Metadata-Version: 2.1
Name: word-mover-grammar
Version: 0.0.2
Summary: A constituency grammar parser with support of morphology and word embeddings
Home-page: https://github.com/avidale/word-mover-grammar
Author: David Dale
Author-email: dale.david@mail.ru
License: MIT
Description: # word-mover-grammar
        This package implements a context-free grammar parser with rather flexible
         matching of terminals. The supported matching modes are:
        * standard exact matching (like e.g. in [NLTK](https://www.nltk.org/book/ch08.html)); 
        * regex matching (like e.g. in [Lark](https://github.com/lark-parser/lark));
        * lemma matching (like e.g. in [Yandex Alice](https://yandex.ru/dev/dialogs/alice/doc/nlu-docpage/));
        * word embedding matching (no known Python implementation).
        
        The mission of this package is to enable easy creation of custom
        grammars for various NLU problems, such as sentence classification
        or extraction of semantic slots.
        
        It is called "word mover grammar", because, just like word-mover-distance,
        it applies word embeddings to sentence templates, 
        but in a more structured way.
        
        #### Table of Contents
        1. [Installation](#installation)
        1. [Basic parsing](#basic-parsing)

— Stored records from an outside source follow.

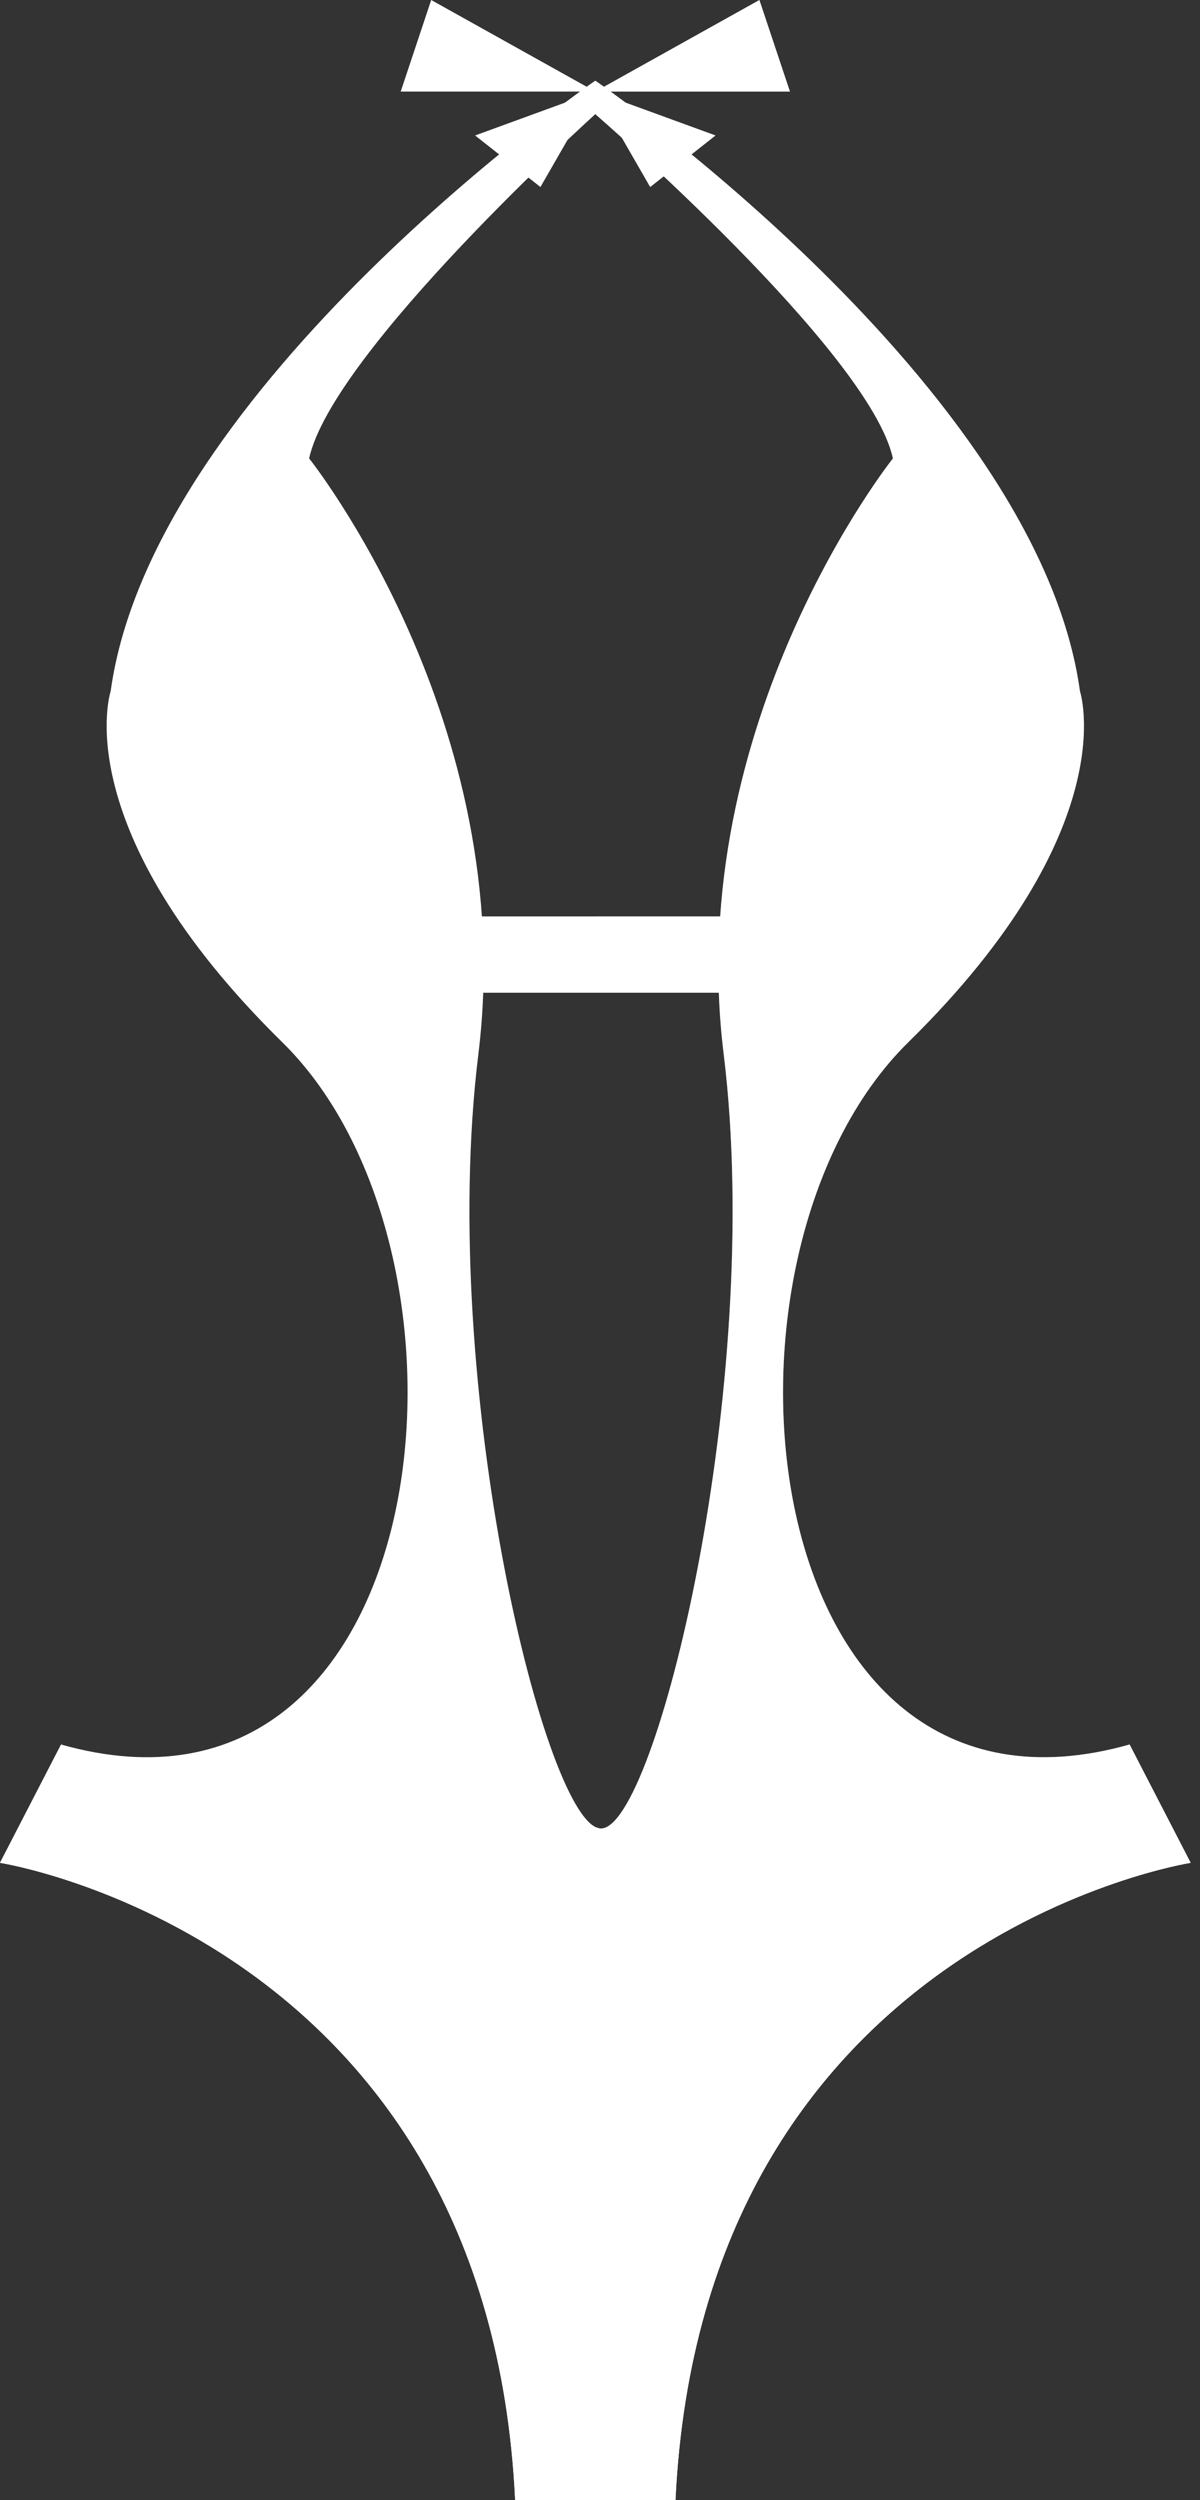 <svg width="36" height="75" viewBox="0 0 36 75" fill="none" xmlns="http://www.w3.org/2000/svg">
<rect x="0" y="0" width="36" height="75" fill="#333333" stroke="none"/>
<path d="M12.936 -0L12.021 2.747H17.859L12.936 -0Z" fill="white"/>
<path d="M16.213 5.61L14.253 4.064L17.859 2.747L16.213 5.61Z" fill="white"/>
<path d="M22.782 -0L17.86 2.747H23.698L22.782 -0Z" fill="white"/>
<path d="M19.506 5.61L21.465 4.064L17.859 2.747L19.506 5.61Z" fill="white"/>
<path d="M33.887 52.332C33.887 52.332 18.031 61.176 1.832 52.332L0 55.881C0 55.881 14.654 58.171 15.455 75H20.264C21.065 58.171 35.719 55.881 35.719 55.881L33.887 52.332Z" fill="white"/>
<path d="M33.886 52.332C22.553 55.538 20.721 37.679 27.246 31.268C33.772 24.857 32.398 20.736 32.398 20.736C31.14 11.577 17.859 2.419 17.859 2.419C17.859 2.419 4.58 11.577 3.32 20.736C3.32 20.736 1.947 24.857 8.471 31.268C14.997 37.679 13.166 55.538 1.832 52.332L0 55.881C0 55.881 14.653 58.171 15.454 75H17.859H20.263C21.064 58.171 35.719 55.881 35.719 55.881L33.886 52.332ZM18.031 54.851C16.396 54.851 13.126 41.572 14.352 31.612C15.578 21.652 9.274 13.752 9.274 13.752C9.974 10.547 17.859 3.424 17.859 3.424C17.859 3.424 26.088 10.547 26.788 13.752C26.788 13.752 20.483 21.652 21.71 31.612C22.935 41.572 19.665 54.851 18.031 54.851Z" fill="white"/>
<rect x="12.364" y="27.491" width="11.334" height="2.289" fill="white"/>
<g style="mix-blend-mode:multiply" opacity="0.34">
<path d="M33.887 52.332C22.554 55.538 20.722 37.679 27.247 31.268C33.773 24.857 32.399 20.735 32.399 20.735C31.516 14.313 24.727 7.896 20.746 4.632L21.466 4.064L18.77 3.08C18.595 2.949 18.448 2.841 18.32 2.748H23.699L22.782 0L18.119 2.603C18 2.516 17.933 2.47 17.896 2.445V3.456C17.979 3.527 18.246 3.761 18.655 4.132L19.506 5.61L19.912 5.289C22.398 7.625 26.315 11.583 26.789 13.752C26.789 13.752 22.16 19.559 21.609 27.489H17.896V29.779H21.565C21.586 30.382 21.633 30.992 21.71 31.611C22.936 41.571 19.666 54.851 18.031 54.851C17.988 54.851 17.942 54.826 17.896 54.807V75H20.264C21.065 58.171 35.719 55.881 35.719 55.881L33.887 52.332Z" fill="white"/>
</g>
</svg>

        1. [Ambiguous phrases](#ambiguous-phrases)
        1. [Inexact matcing](#inexact-matching)
        1. [Forms and slots](#forms-and-slots)
        1. [Future plans](#future-plans)
        
        ## Installation
        
        `pip install word-mover-grammar`
        
        ## Basic parsing
        WMG production rules can be described in a text file with the following syntax:
        
        - Lowercase tokens represent terminals, and capitalized tokens - terminals. 
        You can also prepend non-terminals with `$` symbol
        and/or put terminals into single brackets. 
        - Left- and right-hand sides of productions can be separated 
        with `:` or `->` tokens.
        - Different right-hand-sides of the same production can be separated 
        with `|` symbol or with newline followed by several whitespaces.
        In the latter case, each RHS can be prepended with `-`, which makes
        the format YAML-compatible.
        - One-line comments can start with `#` symbol.
        
        The snippet below shows how to create a simple grammar and parser:
        ```python
        import word_mover_grammar as wmg
        rules = """
        S : NP VP
        NP: N | A NP
        VP: V | VP NP | VP PP
        PP: P NP
        N: fruit | flies | bananas
        A: fruit
        V: like | flies | are
        P: like
        """
        grammar = wmg.text_to_grammar.load_granet(rules)
        parser = wmg.earley.EarleyParser(grammar, root_symbol='S')
        ```
        The main inference method is `parser.parse(tokens)`, where `tokens` 
        is a list of strings. This method returns a `ParseResult` object, 
        that stores the parse trees.
        ```python
        result = parser.parse('bananas are fruit'.split())
        print(result.success)
        for tree in result.iter_trees():
            wmg.earley.print_tree(tree, result.final_state)
            print('=======')
        ```
        The output of the code above is given below. 
        The parser has correctly inferred that the sentence "bananas are fruit"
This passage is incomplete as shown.